Respondamos todos a los independentistas

Ciertamente, como dice el máster de sabuesos Marcello, el debate  político en España es una desolación que se mueve entre el absurdo y la irrelevancia, más propio de una comedia de Miguel Mihura que de un país europeo con una relevante historia.

Esta inconsistencia de los actores principales de la oposición sucede  mientras la canciller Merkel advierte que Europa no podrá contar con sus aliados de Estados Unidos y Gran Bretaña, tras la cumbre el G7 y la secuencia de atentados indiscriminados del yihadismo patentado por el Estado Islámico se cobra víctimas  teenagers en Manchester, generando una amenaza real y constante ante cualquier acontecimiento.

Empezando por la derecha geográfica de España, el espectáculo  de Puigdemont  y los conmilitones independentistas podría describirse como ridículo, si no fuera porque están jugando con la estabilidad del país y de tantos ciudadanos que viven, trabajan o tienen  a familiares, amigo o intereses en Cataluña. Empresarios, trabajadores,  funcionarios, profesionales, estudiantes, pensionistas o simplemente ciudadanos que observan con preocupación el modelo de ruptura que pretenden imponernos los independentistas, resultado de un ejercicio de acoso y descalificación a quienes no comparten su pretensión. Es radicalmente faso que haya una voluntad de diálogo en los secesionistas. Solo de imposición a los catalanes no independentistas y a todos los españoles.
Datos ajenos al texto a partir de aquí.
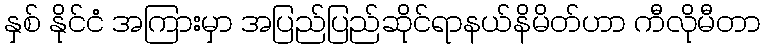
နှစ် နိုင်ငံ အကြားမှာ အပြည်ပြည်ဆိုင်ရာနယ်နိမိတ်ဟာ ကီလိုမီတာ
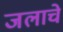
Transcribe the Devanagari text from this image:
जलाचे
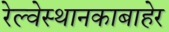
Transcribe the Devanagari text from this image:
रेल्वेस्थानकाबाहेर
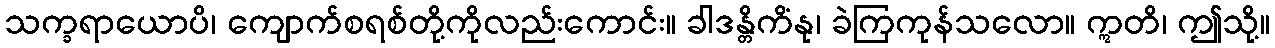
သက္ခရာယောပိ၊ ကျောက်စရစ်တို့ကိုလည်းကောင်း။ ခါဒန္တိကိံနု၊ ခဲကြကုန်သလော။ ဣတိ၊ ဤသို့။
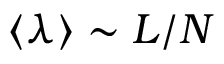
\left< \lambda \right> \sim L / N
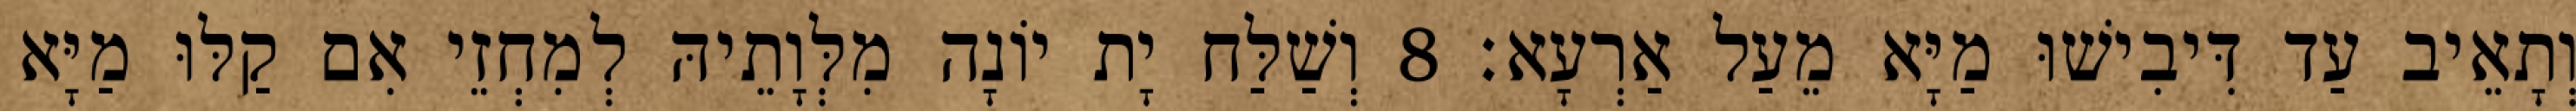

Bajo la apariencia de un proceso sustentado en la voluntad democrática de los catalanes – sin mayoría acreditada- y en una Historia que se falsifica sistemáticamente, el independentismo sostiene parlamentariamente a Convergencia, el partido de Pujol y su familia, hoy disimulado bajo las siglas PD de Cat. La escalada independentista no  es más que el método para encubrir e indultar el saqueo estructurado que durante años se ha practicado en Cataluña, tolerado como peaje por su colaboración con la Constitución de 1978.Un colaboración que, cuando ha transcendido  la realidad de la corrupción que subyacía en el pacto catalán –nacionalismo sin terrorismo-, está rota.

El denominado proceso de Cataluña toma impulso con la reforma del Estatuto pactada por el  Gobierno del PSOE  presidido por Zapatero,  momento en el que se le aporta un contenido jurídico relevante cuando los socialistas dan su conformidad al principio de bilateralidad en la relación Estado-Cataluña. A partir de la aprobación de la reforma estatutaria,  los catalanes solo se reconocen como parte de España en base a una voluntad paccionada que es reversible y revisable.

Por tanto, la misma voluntad  puede iniciar el proceso de secesión que conduce a la desconexión.

Puigdemont y los independentistas solo reconocen al Gobierno de Rajoy capacidad para pactar la fecha del referéndum, el calendario de desconexión y el acuerdo de liquidación. Coreado por la prensa afín, la estrategia del independentismo  ha sido hábil: 1.Conseguir que se instale en la opinión pública la tesis de que se está larvando un choque de trenes imputable al tancredismo de Rajoy. 2. Relativizar cualquier otra cuestión de Gobierno o de corrupción en Cataluña en el marco independentista, bajo cuyo mantra todo se diluye.

Ambas premisas son pos verdades, es decir  corrupciones de la verdad.

El Gobierno de Rajoy ha respondido en una primera fase, con una estrategia jurídica exclusivamente preventiva. Y en esta legislatura, desposeído de la mayoría absoluta, con un intento acercamiento político, reflejado en las reuniones de la Vicepresidenta con el líder de ERC, Oriol Junquera, la mano que mece la cuna. En los dos momentos el Gobierno ha protegido los servicios públicos que se prestan a los ciudadanos catalanes  – al borde de una autentica suspensión de pagos- a través de las líneas de financiación del Fondo de liquidez Autonómico.

El  reto del listón de los independentistas va subiendo cada cierto tiempo para mantener el encendido el fuego purificador. No podía ser de otra manera. Ello contribuye a mantener el riesgo de la estabilidad política y perjudica a todo el país, no solo a Cataluña. Un riesgo que podría hacer descarrilar la recuperación económica que es una realidad afortunadamente en términos de empleo, de financiación y de entrada de capitales.

El desvarío independentista nos concierne a todos, no solo a los catalanes. Todos tenemos una cuota de propiedad en Cataluña. La iniciativa del Gobierno de Rajoy  de invitar  Puigdemont a un debate en el Congreso de los Diputados es muy acertada y debería darle continuidad e impulsar  la propuesta.

Un debate en el Congreso, en la sede de la soberanía popular, con Puigdemont o sin él, sobre el reto independentista de Cataluña, sería la primera respuesta que las Instituciones del  Estado  deberían dar. Impulsar la implicación de toda la sociedad civil en la respuesta. No solo la de los empresarios catalanes.